3 Whole Habits of Seriously Creative People (365 Days of Spirited Living – DAY 207)


3 Whole Habits of  Seriously Creative  People

“An artist paints, dances, draws, writes, designs, or acts at the expanding edge of consciousness. We press into the unknown rather than the known. This makes life lovely and lively.”
— Julia Cameron

Humanity couldn’t survive without creativity. It is a way for many people to escape — at least for some time — from reality. We can’t hide from life. What good would life be if we all were hiding from it. But we can’t hide from creativity either. It is there for us to embrace. It helps us to think and rethink problems and solutions. We make a grave mistake when we deceive ourselves into think that gravity equals greatness. Sometimes, one has to be less grave and tap into the creative power of the life force that rises within.

Here are 3 habits of seriously creative people:

1. They turn everything into a matter of observation.
The world is not only interesting, it is also meaningful to those serious about their creativity. Possibilities are endless and opportunities are everywhere. Seriously creative people take note of people and things around them, even if they are simple and often uninteresting. They see things that others don’t and are able to draw indiscriminate meaning from it.

2. They work when they get good and ready.
It’s hard to pin down whether a creative person is a morning person, afternoon person, or night person. They work the hours that are best for them. One week they can work very early in the morning to late in the afternoon. The next week they can work very late at night to very late in the morning. Whatever time of the day the creative juices start flowing, a seriously creative person will be right there working it out at that time.

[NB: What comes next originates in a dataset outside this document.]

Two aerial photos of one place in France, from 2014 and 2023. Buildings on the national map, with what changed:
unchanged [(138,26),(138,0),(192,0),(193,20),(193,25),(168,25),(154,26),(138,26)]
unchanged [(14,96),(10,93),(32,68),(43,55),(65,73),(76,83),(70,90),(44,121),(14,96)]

3. They believe in peace and quiet.
Creative types are often pictured as being loners and are stereotyped as “tortured artists”. Well, some may or may not be loners, but almost all creative people embrace peace and quiet. They produce some of their best work in solitude. They know how to tap into that inner voice and dialogue to express themselves. J.D. Salinger, author of “The Catcher in the Rye” was said to be a recluse but produced some of his best works when he was out of the eye of the cameras.

“Creative power, is that receptive attitude of expectancy which makes a mold into which the plastic and as yet undifferentiated substance can flow and take the desired form.”